Description of the task:
Copy nothing but the text: repeat each entry exactly and drop the images.

Exercise material:
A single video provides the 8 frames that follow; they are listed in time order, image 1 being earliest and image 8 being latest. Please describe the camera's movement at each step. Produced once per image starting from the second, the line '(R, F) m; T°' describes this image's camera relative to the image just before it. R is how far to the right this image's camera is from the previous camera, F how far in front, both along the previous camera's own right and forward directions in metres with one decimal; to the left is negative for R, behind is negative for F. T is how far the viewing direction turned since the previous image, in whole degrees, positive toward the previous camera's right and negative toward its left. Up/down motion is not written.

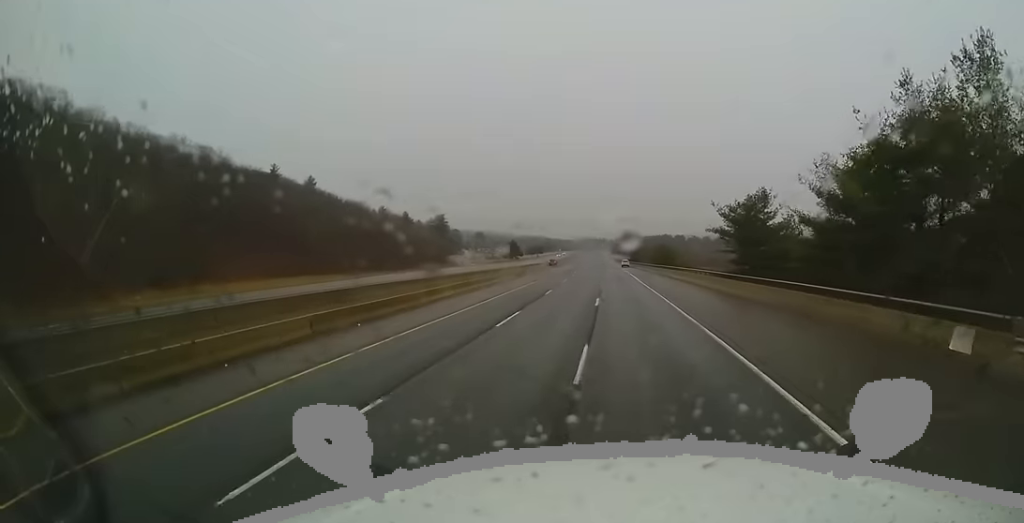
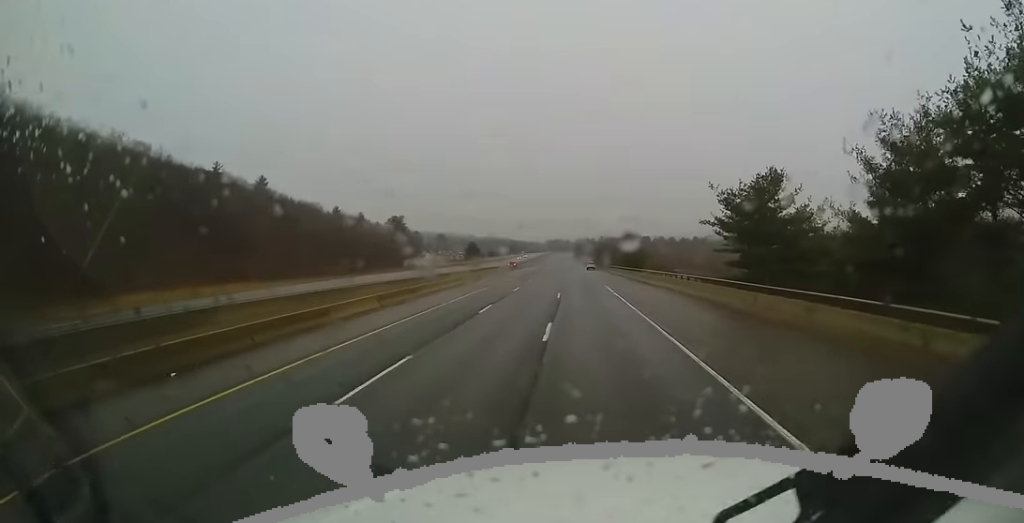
(+0.3, +7.9) m; +2°
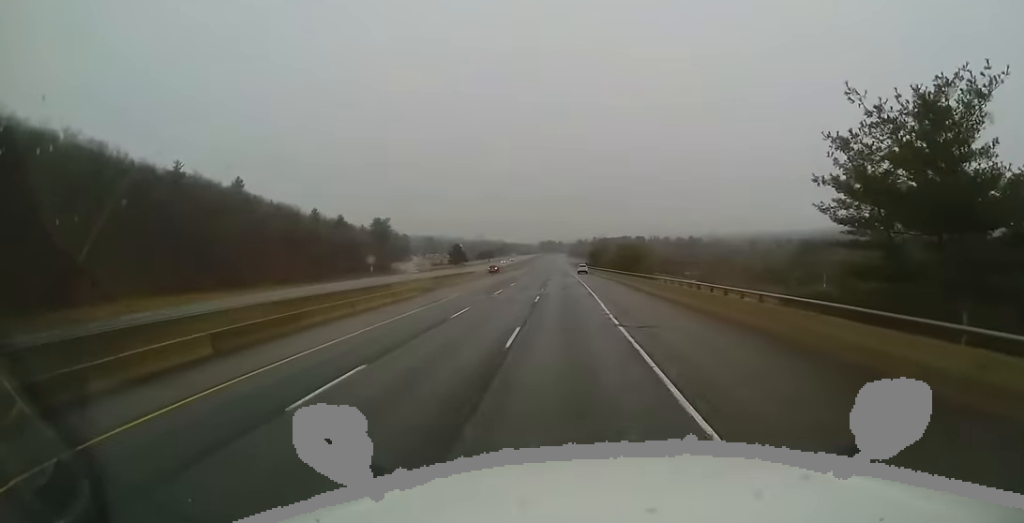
(+0.1, +12.6) m; +1°
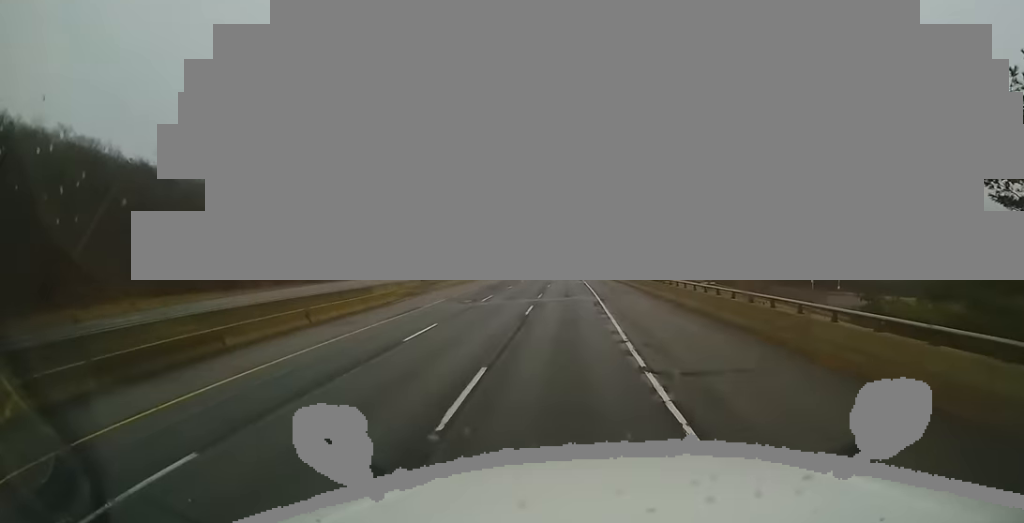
(0.0, +5.8) m; 0°
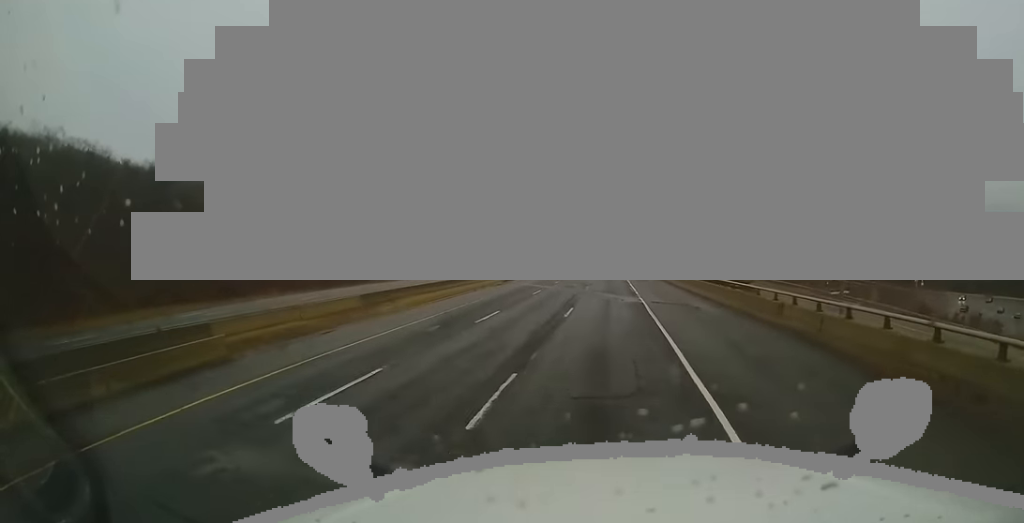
(0.0, +21.7) m; -1°
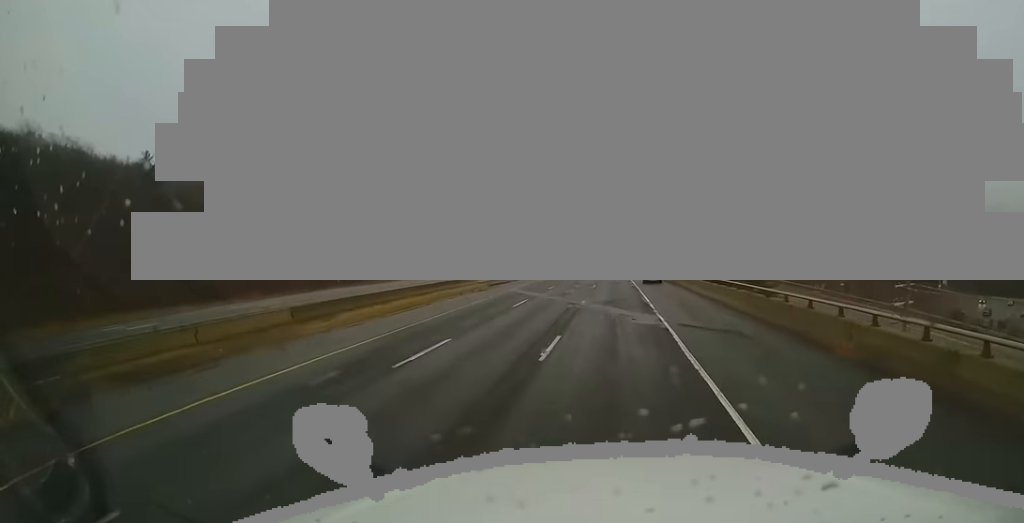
(0.0, +7.2) m; 0°
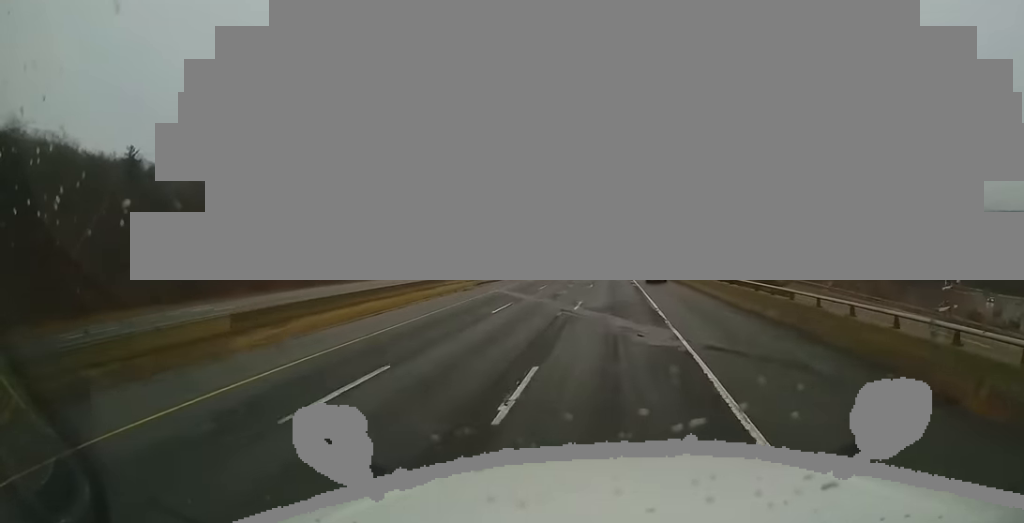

Exercise output:
A single video provides the 8 frames that follow; they are listed in time order, image 1 being earliest and image 8 being latest. Please describe the camera's movement at each step. Produced once per image starting from the second, the line '(R, F) m; T°' describes this image's camera relative to the image just before it. R is how far to the right this image's camera is from the previous camera, F how far in front, both along the previous camera's own right and forward directions in metres with one decimal; to the left is negative for R, behind is negative for F. T is how far the viewing direction turned since the previous image, in whole degrees, positive toward the previous camera's right and negative toward its left. Up/down motion is not written.

(+0.3, +7.9) m; +2°
(+0.1, +12.6) m; +1°
(0.0, +5.8) m; 0°
(0.0, +21.7) m; -1°
(0.0, +7.2) m; 0°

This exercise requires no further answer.